# WHAT TO DO
In the records below, begin at the line that has "#1773 = CIRCLE ( 'NONE', #1127, 37. ) ;" and stop after the line that has "#2841 = DIRECTION"; quote those lines verbatim and nothing more.

BEGIN

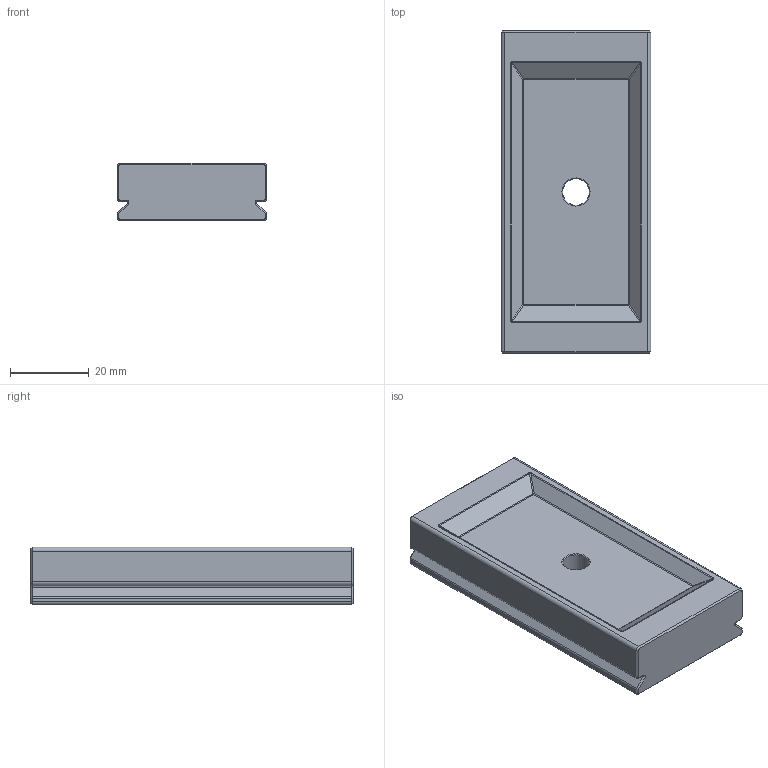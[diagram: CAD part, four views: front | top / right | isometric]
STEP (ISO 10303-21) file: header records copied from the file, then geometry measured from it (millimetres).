
FILE_DESCRIPTION(/* description */ (''),/* implementation_level */ '2;1');
FILE_NAME(/* name */ 'Garmin Xero C1 Arca Adapter.step',/* time_stamp */ '2024-01-12T23:05:42+13:00',/* author */ (''),/* organization */ (''),/* preprocessor_version */ 'ST-DEVELOPER v20',/* originating_system */ 'Autodesk Translation Framework v12.14.0.127',/* authorisation */ '');
FILE_SCHEMA (('AUTOMOTIVE_DESIGN { 1 0 10303 214 3 1 1 }'));
Length unit declared in the file: millimetre
Products named in the file (1): Garmin Xero C1 Arca Adapter
Bounding box: 38.1 x 82 x 14.7 mm (x, y, z)
Volume: 38898.3 mm3; surface area: 10531.6 mm2
Topology: 1 solids, 1 shells, 93 faces, 204 edges, 115 vertices
Faces by surface type: plane 38, cylinder 24, cone 23, bspline 4, sphere 4
Full cylindrical faces by diameter (mm): 6.75 x1, 9.5 x1
Entity records: 2590 total; most frequent: CARTESIAN_POINT 489, DIRECTION 459, ORIENTED_EDGE 408, EDGE_CURVE 204, AXIS2_PLACEMENT_3D 165, LINE 129, VECTOR 129, VERTEX_POINT 115
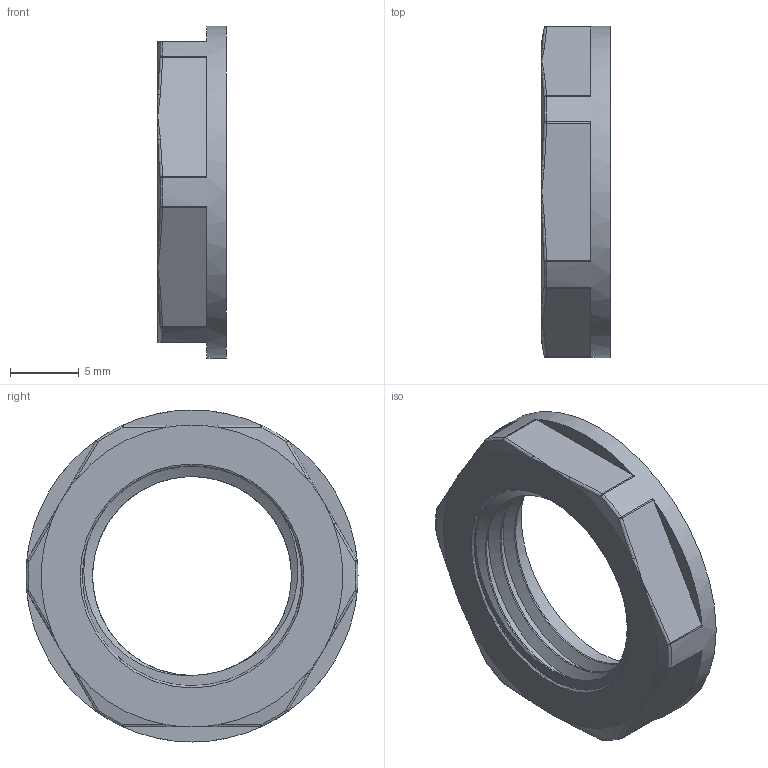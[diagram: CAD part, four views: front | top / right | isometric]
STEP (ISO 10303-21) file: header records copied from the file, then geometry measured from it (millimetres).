
FILE_DESCRIPTION(/* description */ ('Gegenmutter mit Bund M 16x1,5'),/* implementation_level */ '2;1');
FILE_NAME(/* name */ '12096516-RST.stp',/* time_stamp */ '2022-02-08T11:45:40+01:00',/* author */ ('sl'),/* organization */ (''),/* preprocessor_version */ 'ST-DEVELOPER v16.5',/* originating_system */ 'Autodesk Inventor 2017',/* authorisation */ '');
FILE_SCHEMA (('AUTOMOTIVE_DESIGN { 1 0 10303 214 3 1 1 }'));
Length unit declared in the file: millimetre
Products named in the file (1): 12096516
Bounding box: 5 x 24.21 x 24.21 mm (x, y, z)
Volume: 1186.9 mm3; surface area: 1254.9 mm2
Topology: 1 solids, 1 shells, 85 faces, 204 edges, 109 vertices
Faces by surface type: bspline 26, cylinder 19, plane 15, sphere 12, torus 7, cone 6
Full cylindrical faces by diameter (mm): 16.022 x3, 24.21 x1
Entity records: 3384 total; most frequent: CARTESIAN_POINT 1658, ORIENTED_EDGE 356, DIRECTION 350, EDGE_CURVE 178, AXIS2_PLACEMENT_3D 159, CIRCLE 102, VERTEX_POINT 101, EDGE_LOOP 87
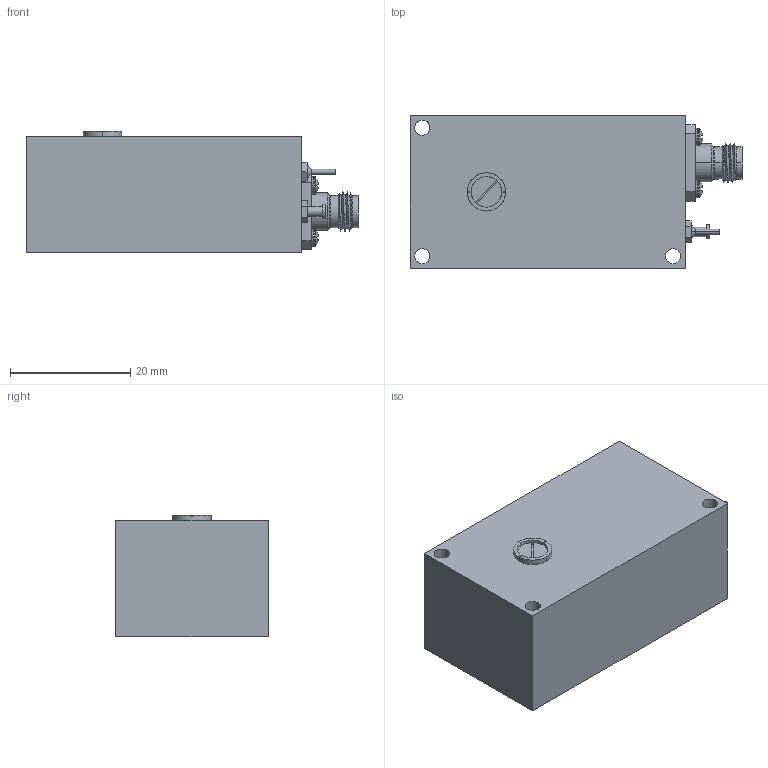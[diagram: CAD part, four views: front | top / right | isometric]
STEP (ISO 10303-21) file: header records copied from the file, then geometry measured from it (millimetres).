
FILE_DESCRIPTION (( 'STEP AP203' ), '1' );
FILE_NAME ('SOD-10302217-SF-S2-3.STEP', '2019-03-21T17:21:49', ( '' ), ( '' ), 'SwSTEP 2.0', 'SolidWorks 2016', '' );
FILE_SCHEMA (( 'CONFIG_CONTROL_DESIGN' ));
Length unit declared in the file: millimetre
Products named in the file (1): SOD-10302217-SF-S2-3
Bounding box: 55.12 x 25.4 x 20.2 mm (x, y, z)
Surface area: 6149.2 mm2 (no closed solid volume)
Topology: 0 solids, 10 shells, 243 faces, 741 edges, 488 vertices
Faces by surface type: plane 119, cylinder 66, cone 28, torus 20, sphere 8, bspline 2
Entity records: 9514 total; most frequent: CARTESIAN_POINT 2998, ORIENTED_EDGE 1345, DIRECTION 1342, EDGE_CURVE 741, AXIS2_PLACEMENT_3D 514, VERTEX_POINT 488, VECTOR 314, LINE 314
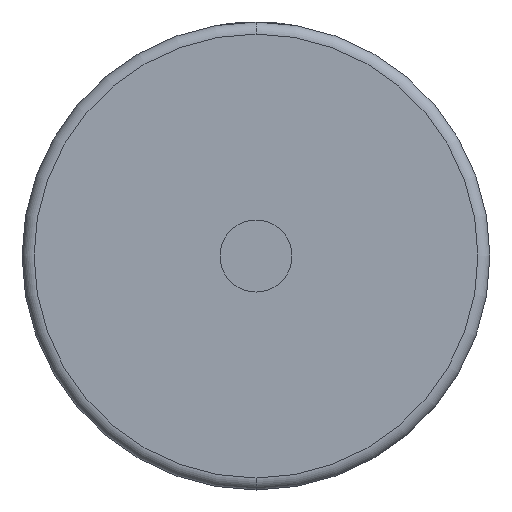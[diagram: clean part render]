
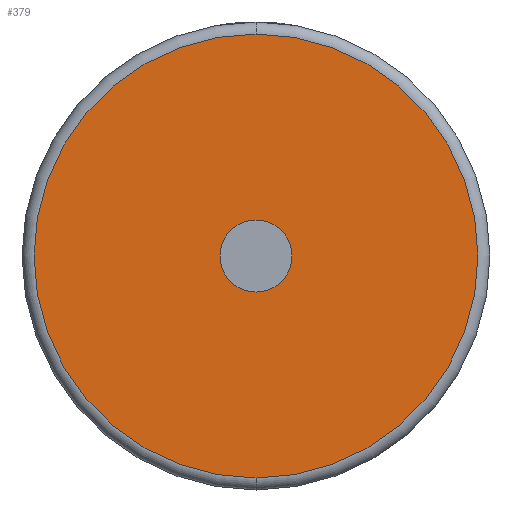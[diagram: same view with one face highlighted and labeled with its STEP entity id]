
A CAD part, front view. The second image highlights one B-rep face of the part: STEP entity #379.
In plain terms, the highlighted planar face has unit normal (0, -1, 0).
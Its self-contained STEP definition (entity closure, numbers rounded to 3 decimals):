
#49 = EDGE_LOOP ( 'NONE', ( #3144, #274 ) ) ;
#259 = DIRECTION ( 'NONE',  ( 0., 0., 1. ) ) ;
#274 = ORIENTED_EDGE ( 'NONE', *, *, #1120, .T. ) ;
#282 = DIRECTION ( 'NONE',  ( 0., -1., 0. ) ) ;
#334 = CIRCLE ( 'NONE', #2362, 6. ) ;
#345 = FACE_BOUND ( 'NONE', #3235, .T. ) ;
#379 = ADVANCED_FACE ( 'NONE', ( #3727, #345 ), #2144, .F. ) ;
#929 = ORIENTED_EDGE ( 'NONE', *, *, #2844, .F. ) ;
#939 = AXIS2_PLACEMENT_3D ( 'NONE', #3658, #2788, #1357 ) ;
#1120 = EDGE_CURVE ( 'NONE', #1847, #3366, #1773, .T. ) ;
#1127 = AXIS2_PLACEMENT_3D ( 'NONE', #1972, #3164, #259 ) ;
#1274 = DIRECTION ( 'NONE',  ( 0., 1., 0. ) ) ;
#1290 = DIRECTION ( 'NONE',  ( 0., 0., 1. ) ) ;
#1356 = CARTESIAN_POINT ( 'NONE',  ( 0., 0., 6. ) ) ;
#1357 = DIRECTION ( 'NONE',  ( 0., 0., 1. ) ) ;
#1407 = CARTESIAN_POINT ( 'NONE',  ( 0., 0., 37. ) ) ;
#1704 = CARTESIAN_POINT ( 'NONE',  ( 0., 0., 0. ) ) ;
#1725 = CIRCLE ( 'NONE', #2791, 37. ) ;
#1773 = CIRCLE ( 'NONE', #1127, 37. ) ;
#1847 = VERTEX_POINT ( 'NONE', #3559 ) ;
#1972 = CARTESIAN_POINT ( 'NONE',  ( 0., 0., 0. ) ) ;
#2093 = CARTESIAN_POINT ( 'NONE',  ( 0., 0., -6. ) ) ;
#2144 = PLANE ( 'NONE',  #3691 ) ;
#2287 = DIRECTION ( 'NONE',  ( 0., 0., 1. ) ) ;
#2291 = ORIENTED_EDGE ( 'NONE', *, *, #3295, .F. ) ;
#2362 = AXIS2_PLACEMENT_3D ( 'NONE', #3100, #282, #2287 ) ;
#2556 = VERTEX_POINT ( 'NONE', #2093 ) ;
#2706 = CIRCLE ( 'NONE', #939, 6. ) ;
#2717 = CARTESIAN_POINT ( 'NONE',  ( 0., 0., 0. ) ) ;
#2788 = DIRECTION ( 'NONE',  ( 0., -1., 0. ) ) ;
#2791 = AXIS2_PLACEMENT_3D ( 'NONE', #1704, #3438, #2841 ) ;
#2815 = EDGE_CURVE ( 'NONE', #3366, #1847, #1725, .T. ) ;
#2841 = DIRECTION ( 'NONE',  ( 0., 0., 1. ) ) ;
#2844 = EDGE_CURVE ( 'NONE', #2556, #3378, #334, .T. ) ;
#3100 = CARTESIAN_POINT ( 'NONE',  ( 0., 0., 0. ) ) ;
#3144 = ORIENTED_EDGE ( 'NONE', *, *, #2815, .T. ) ;
#3164 = DIRECTION ( 'NONE',  ( 0., -1., 0. ) ) ;
#3235 = EDGE_LOOP ( 'NONE', ( #2291, #929 ) ) ;
#3295 = EDGE_CURVE ( 'NONE', #3378, #2556, #2706, .T. ) ;
#3366 = VERTEX_POINT ( 'NONE', #1407 ) ;
#3378 = VERTEX_POINT ( 'NONE', #1356 ) ;
#3438 = DIRECTION ( 'NONE',  ( 0., -1., 0. ) ) ;
#3559 = CARTESIAN_POINT ( 'NONE',  ( 0., 0., -37. ) ) ;
#3658 = CARTESIAN_POINT ( 'NONE',  ( 0., 0., 0. ) ) ;
#3691 = AXIS2_PLACEMENT_3D ( 'NONE', #2717, #1274, #1290 ) ;
#3727 = FACE_OUTER_BOUND ( 'NONE', #49, .T. ) ;
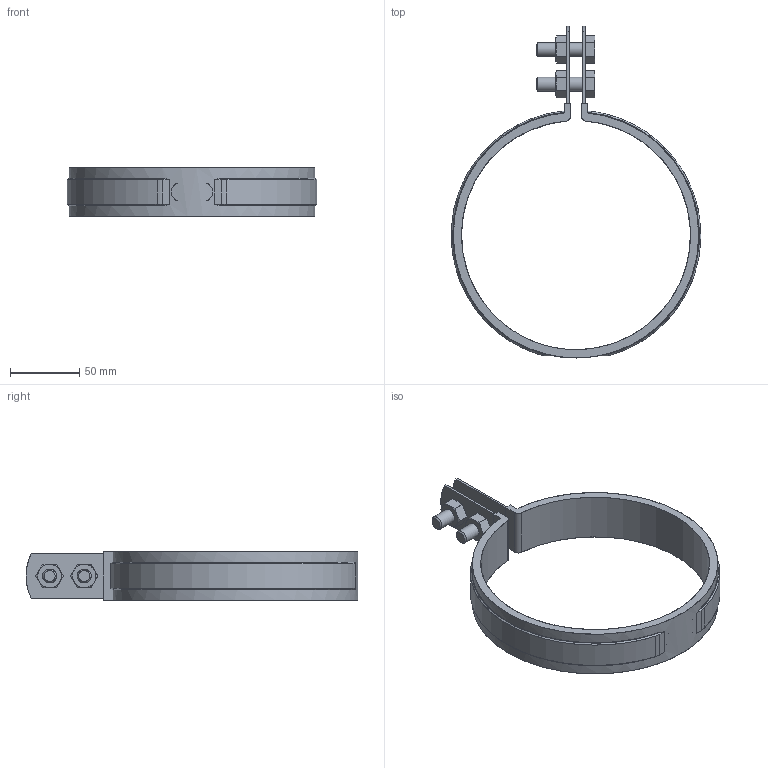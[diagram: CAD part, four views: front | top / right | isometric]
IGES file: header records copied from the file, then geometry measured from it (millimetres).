
Start section: Missler Software BP 521, 31674 Labege Cedex, France Tel   : +33 (0)5 61 00 03 00 Fax   : +33 (0)5 61 00 03 03 Email : 
Global section: file name: 150SU.igs; native system: TopSolid v606238 Missler Software; preprocessor: IGES preprocessor v100000; author: N.shouichi; organization: コダマコーポレーション株式会社,10,7,13H220620; date: 220620.113838; units: millimetre
Bounding box: 180.18 x 239.6 x 35 mm (x, y, z)
Surface area: 135742.6 mm2 (no closed solid volume)
Topology: 0 solids, 0 shells, 154 faces, 3032 edges, 3024 vertices
Faces by surface type: bspline 154

END

# ANSWER FOR THE TASK
#1773 = CIRCLE ( 'NONE', #1127, 37. ) ;
#1847 = VERTEX_POINT ( 'NONE', #3559 ) ;
#1972 = CARTESIAN_POINT ( 'NONE',  ( 0., 0., 0. ) ) ;
#2093 = CARTESIAN_POINT ( 'NONE',  ( 0., 0., -6. ) ) ;
#2144 = PLANE ( 'NONE',  #3691 ) ;
#2287 = DIRECTION ( 'NONE',  ( 0., 0., 1. ) ) ;
#2291 = ORIENTED_EDGE ( 'NONE', *, *, #3295, .F. ) ;
#2362 = AXIS2_PLACEMENT_3D ( 'NONE', #3100, #282, #2287 ) ;
#2556 = VERTEX_POINT ( 'NONE', #2093 ) ;
#2706 = CIRCLE ( 'NONE', #939, 6. ) ;
#2717 = CARTESIAN_POINT ( 'NONE',  ( 0., 0., 0. ) ) ;
#2788 = DIRECTION ( 'NONE',  ( 0., -1., 0. ) ) ;
#2791 = AXIS2_PLACEMENT_3D ( 'NONE', #1704, #3438, #2841 ) ;
#2815 = EDGE_CURVE ( 'NONE', #3366, #1847, #1725, .T. ) ;
#2841 = DIRECTION ( 'NONE',  ( 0., 0., 1. ) ) ;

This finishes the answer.